Funding children’s college education or renovations for your house or even for purposes of paying off the entire balance of your primary mortgage may be available through home equity loan or line of credit.
You may even opt to consolidate your debt, like your credit cards and other unsecured credits with the options available in a home equity loan or line of credit.
This facility is getting to be very popular nowadays because of the convenience of owing only one institution and the added advantage of lower interest rates. In addition, interests in consumer loans like your home equity loan or line of credit is tax deductible.
The facility of acquiring loan through home equity loan or line of credit is flexible in various payments terms depending on the institution that is providing you with the loan.
All of these flexibility and advantages of acquiring a home equity loan and line of credit notwithstanding needs some intelligent decision-making. This is because even with the numerous advantages available in a home equity loan or line of credit, the only one and most important factor to consider is the fact that you put your house as collateral.
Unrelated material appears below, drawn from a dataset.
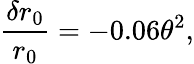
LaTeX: \frac{\delta r_{0}}{r_{0}}=-0.06\theta^{2},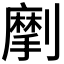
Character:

Consequently, failing to pay your debt may cause you to loose the most precious asset you have, your home.
For this reason, before you embark on the convenient way of acquiring a loan through home equity loan or line of credit, you may need to consider if you really need this facility.
There may be other loan facilities available where you can choose from, thus you may not need to put your house as collateral. However, admittedly considering taxes and interest rates may lead you back to home equity loan or line of credit. In this case, you may need to seek additional advice.
I have been mentioning home equity loan or line of credit. This is because the two differ in one most significant factor. Home equity loan is a facility where you get the proceeds of your loan lump sum. On the other hand, home equity line of credit is a facility where you have a credit line, just like in a credit card, where you may opt to get funds only when you need it.
However, in a home equity loan, you pay equal installments throughout the duration of the paying period and you pay part interest and part principal loan. In the case of home equity line of credit, the interest rates are variable and you may choose to pay interest only.
The negative side of this is that you need to pay a balloon payment at the end of the term, which may be hard for you if you are not ready to pay such a huge amount. You may end up taking another loan, which will put you at a disadvantageous position later on.
Finally, financial experts recommend that before you embark on acquiring a home equity loan or line of credit, you may need to do your homework by shopping around for the best terms, payment options, and conditions where the lender may consider you in default. Analyzing your needs may be an additional advantage for you to make the intelligent decision.
For additional information and advice, you may refer to various financial management websites before you decide if home equity loan or line of credit is good for you. You may find other loan facilities that will not be as risky, but understanding what you need and how you need it may be necessary.